> _WORK ORDER_
Please restate each entry that appears below word for word, without its pictures.

[Saved entries]
○ ○ ○ ○ ○

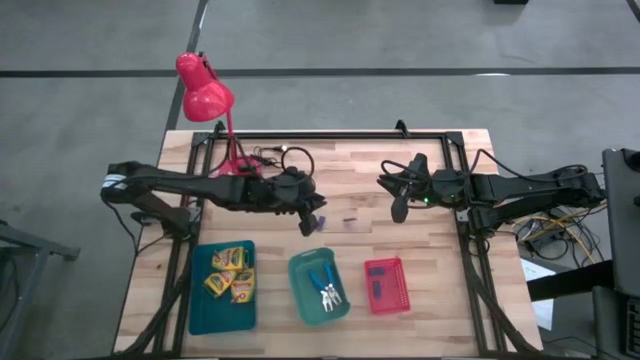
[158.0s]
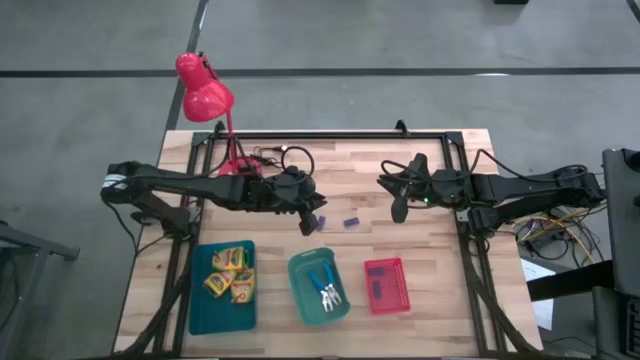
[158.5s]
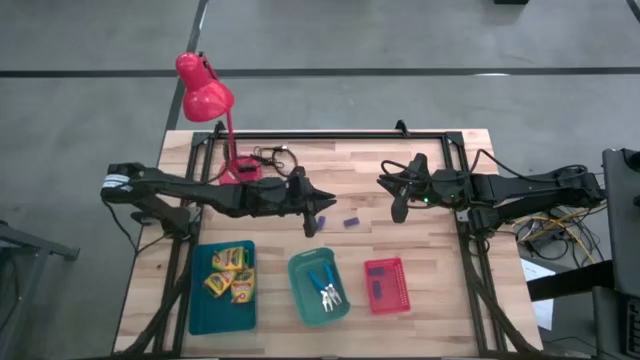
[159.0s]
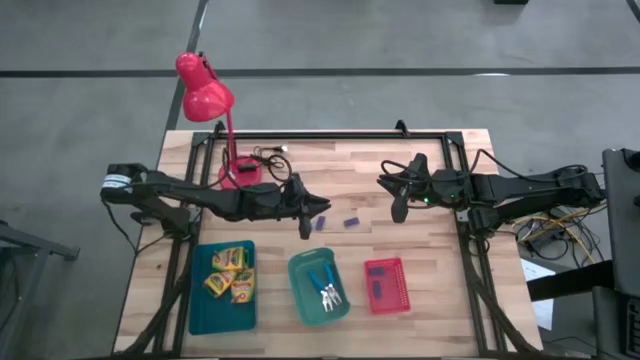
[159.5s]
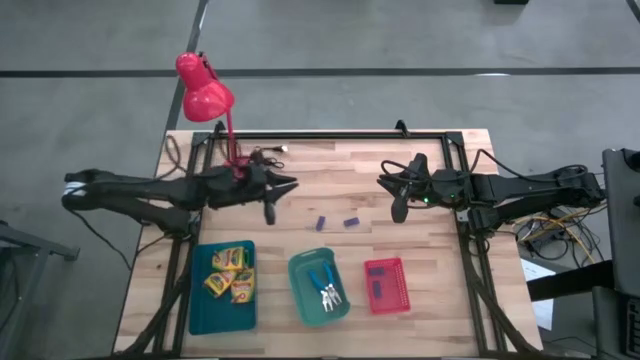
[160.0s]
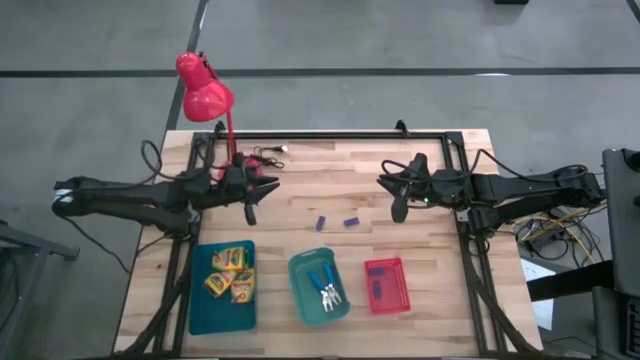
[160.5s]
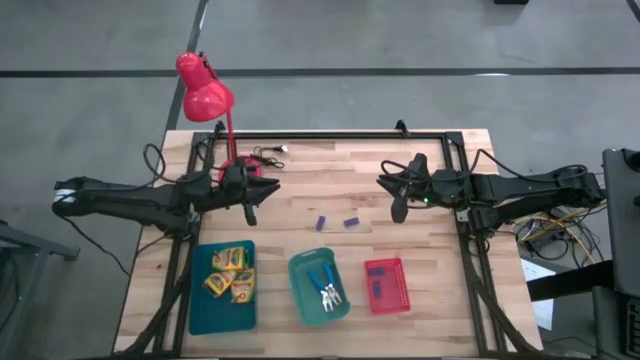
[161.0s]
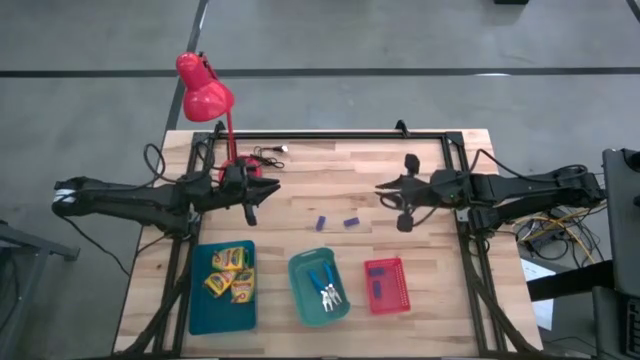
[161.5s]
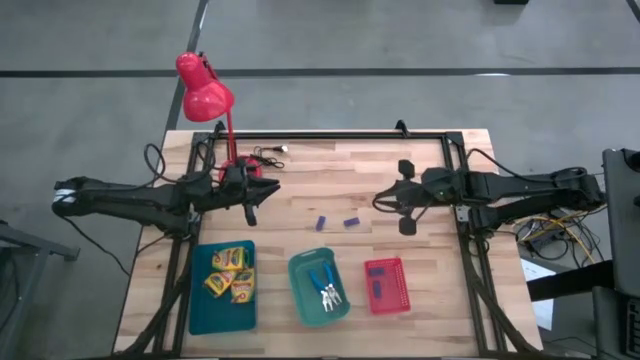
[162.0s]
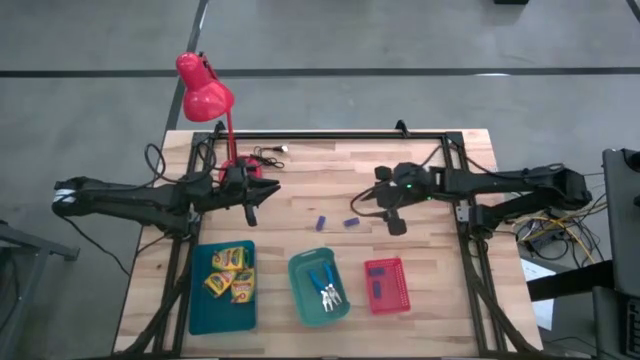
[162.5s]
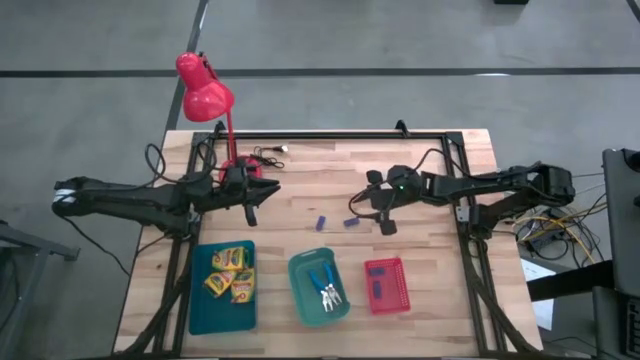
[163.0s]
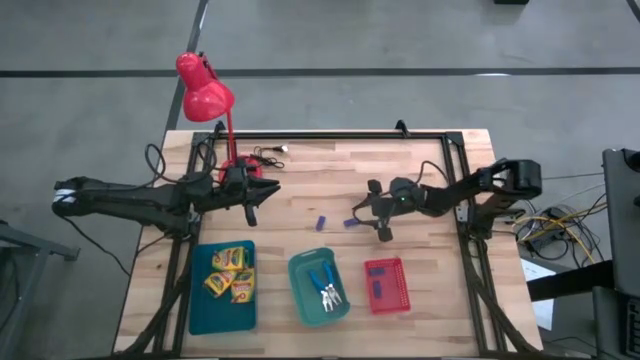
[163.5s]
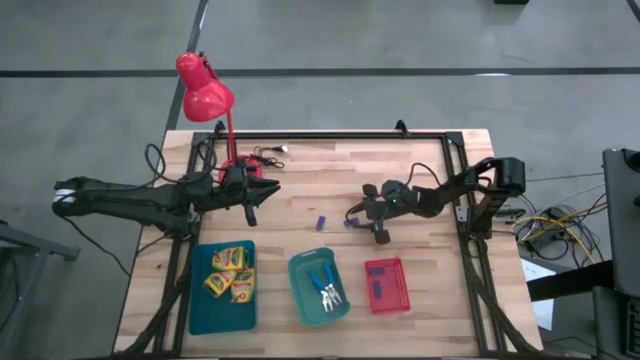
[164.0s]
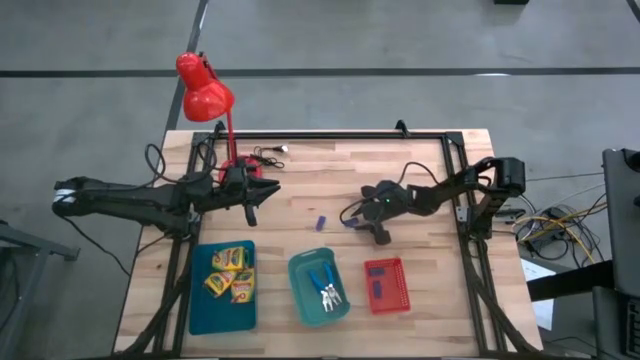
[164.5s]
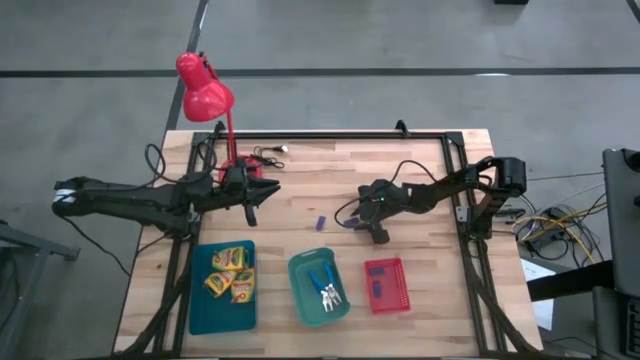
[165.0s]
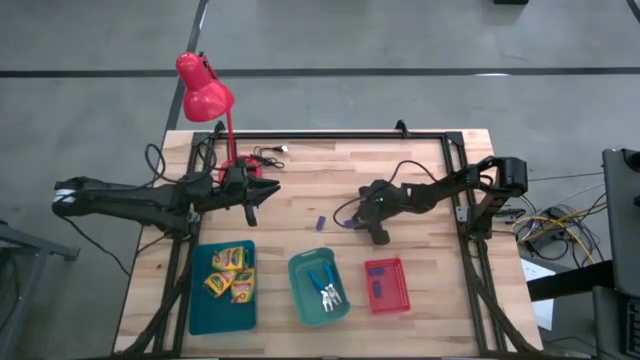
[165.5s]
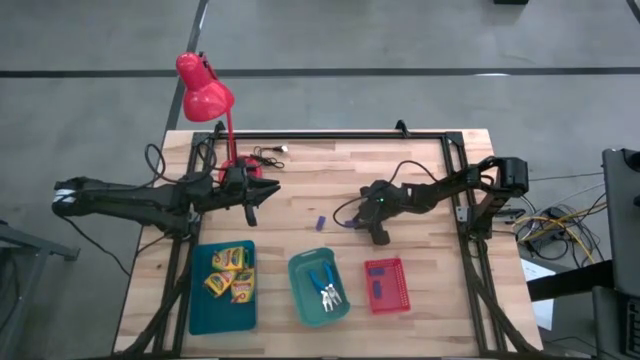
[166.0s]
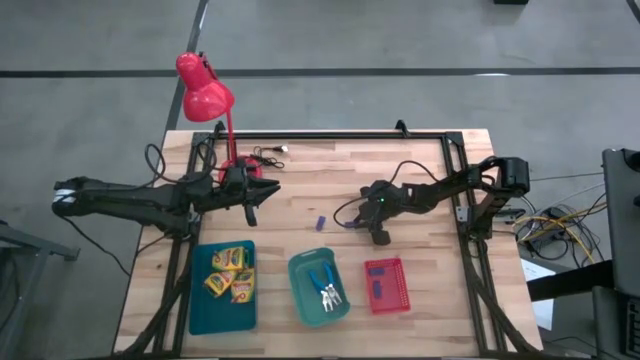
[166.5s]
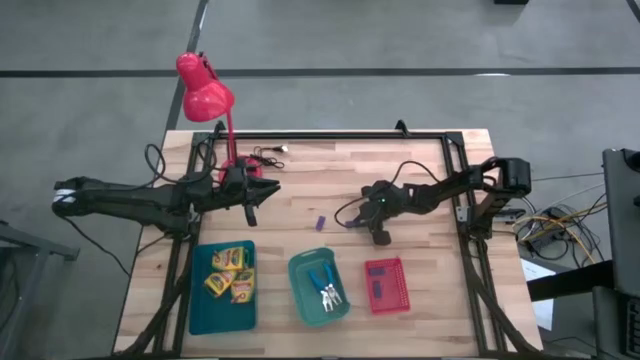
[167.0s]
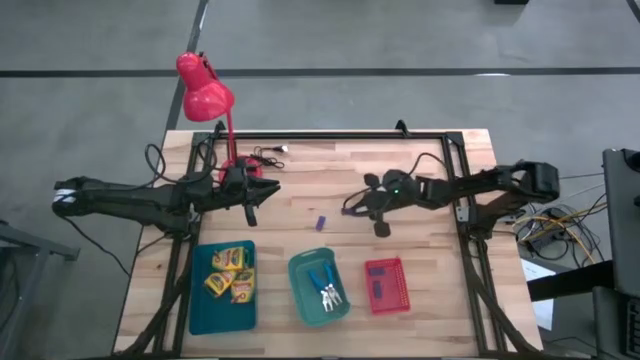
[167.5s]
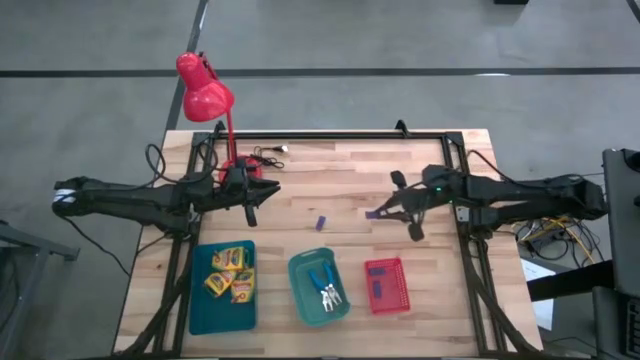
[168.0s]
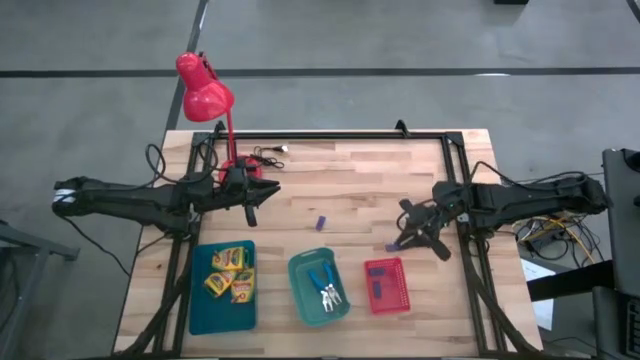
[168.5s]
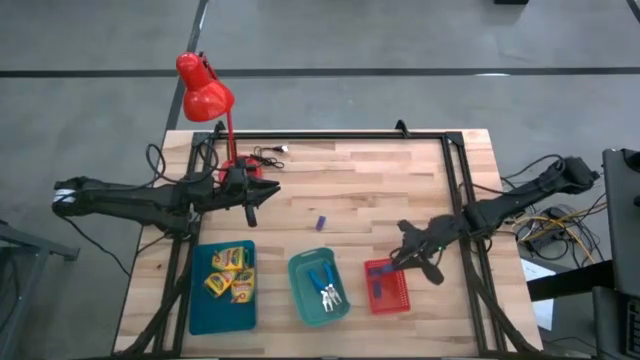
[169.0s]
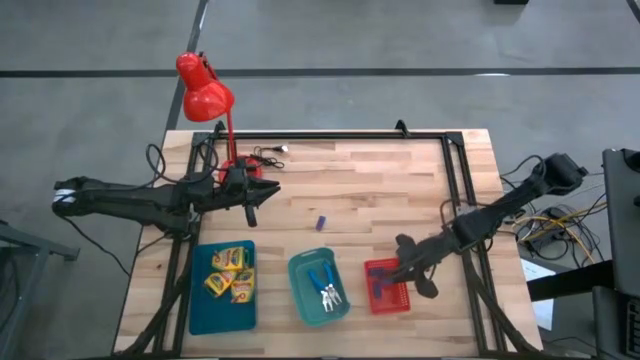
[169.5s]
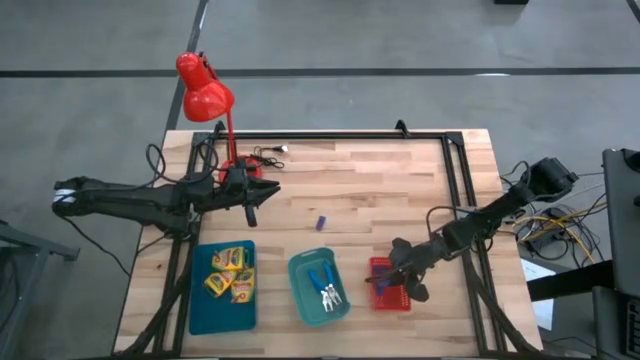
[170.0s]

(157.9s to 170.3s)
Task: Pick & Place School Supplies
Put the purple eraser into the red bin

○ ○ ○ ○ ○

> _SOLVED PROBLEM_
[158.0s]
[158.5s]
[159.0s]
[159.5s]
[160.0s]
[160.5s]
[161.0s]
[161.5s]
[162.0s]
[162.5s]
[163.0s]
[163.5s]
[164.0s]
[164.5s]
[165.0s]
[165.5s]
[166.0s]
[166.5s]
[167.0s]
[167.5s]
[168.0s]
[168.5s]
[169.0s]
[169.5s]
[170.0s]

(157.9s to 170.3s)
Task: Pick & Place School Supplies
Put the purple eraser into the red bin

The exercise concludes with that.